*** Opening Dataset excerpts ***

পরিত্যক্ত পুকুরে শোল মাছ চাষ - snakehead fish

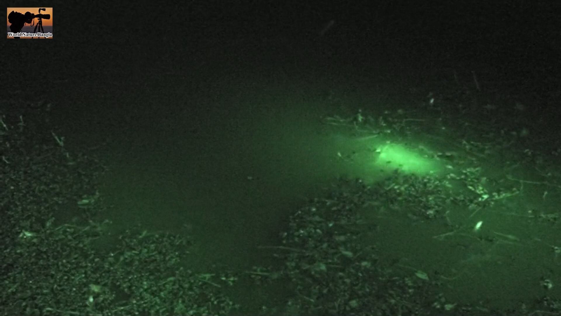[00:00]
that we have to have. The follow all. প্রত্যেকত জলাশয় শোল মাছের নিবিড় চাষ এটা সেটা প্রত্যেকত জলাশয় এখানে সারা এলাকা সমস্ত এলাকার আবর্জনা ফেলা হয় সেখানে একটা শোল মাছ একজন শোল মাছ ব্রিডিং করছে
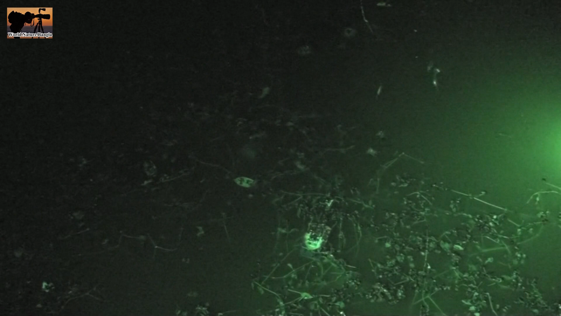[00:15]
প্রচুর বাচ্চা মাশাআল্লাহ
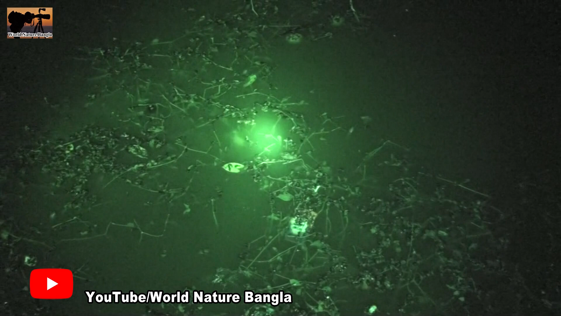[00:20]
অনেক বাচ্চা মানে আমি সোফার এবছর এত বেশি বাচ্চা এক জোড়া মাছের এখনও দেখিনি অকল্পনীয় কল্পনা করা যায় না তো আলহামদুলিল্লাহ রফিকুল ইসলাম এই খামারির নাম আল্লাহ ভালো করে রেখে সুন্দর দেখে ভালো লাগলো
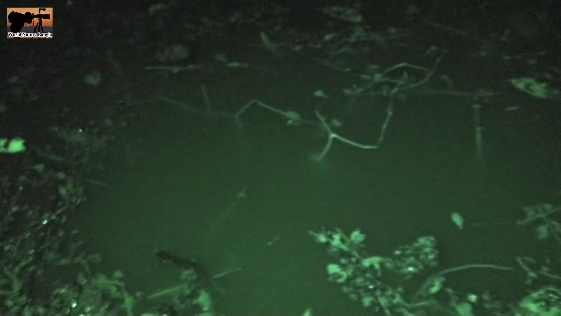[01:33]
কি বুঝতেছেন এটা আসলে কতটা মানে লাভজনক এবং মাছ চাষ শুরুর
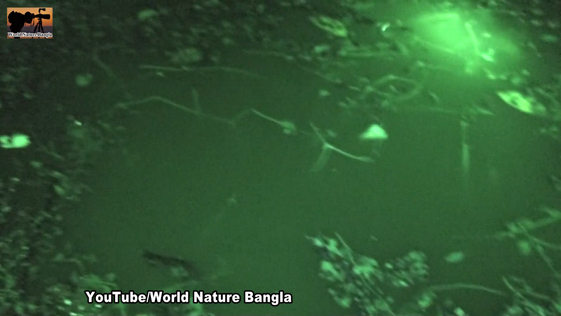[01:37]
গল্পটা একটু এবং বর্তমান অবস্থা একটু জানান এই সর্দার ভাই জাকির ভাই নাম করে একটা

*** Closing Dataset excerpts ***

● What is required
Please write out every entry exactly, but skip the pictures.

● Task output
পরিত্যক্ত পুকুরে শোল মাছ চাষ - snakehead fish

[00:00]
that we have to have. The follow all. প্রত্যেকত জলাশয় শোল মাছের নিবিড় চাষ এটা সেটা প্রত্যেকত জলাশয় এখানে সারা এলাকা সমস্ত এলাকার আবর্জনা ফেলা হয় সেখানে একটা শোল মাছ একজন শোল মাছ ব্রিডিং করছে
[00:15]
প্রচুর বাচ্চা মাশাআল্লাহ
[00:20]
অনেক বাচ্চা মানে আমি সোফার এবছর এত বেশি বাচ্চা এক জোড়া মাছের এখনও দেখিনি অকল্পনীয় কল্পনা করা যায় না তো আলহামদুলিল্লাহ রফিকুল ইসলাম এই খামারির নাম আল্লাহ ভালো করে রেখে সুন্দর দেখে ভালো লাগলো
[01:33]
কি বুঝতেছেন এটা আসলে কতটা মানে লাভজনক এবং মাছ চাষ শুরুর
[01:37]
গল্পটা একটু এবং বর্তমান অবস্থা একটু জানান এই সর্দার ভাই জাকির ভাই নাম করে একটা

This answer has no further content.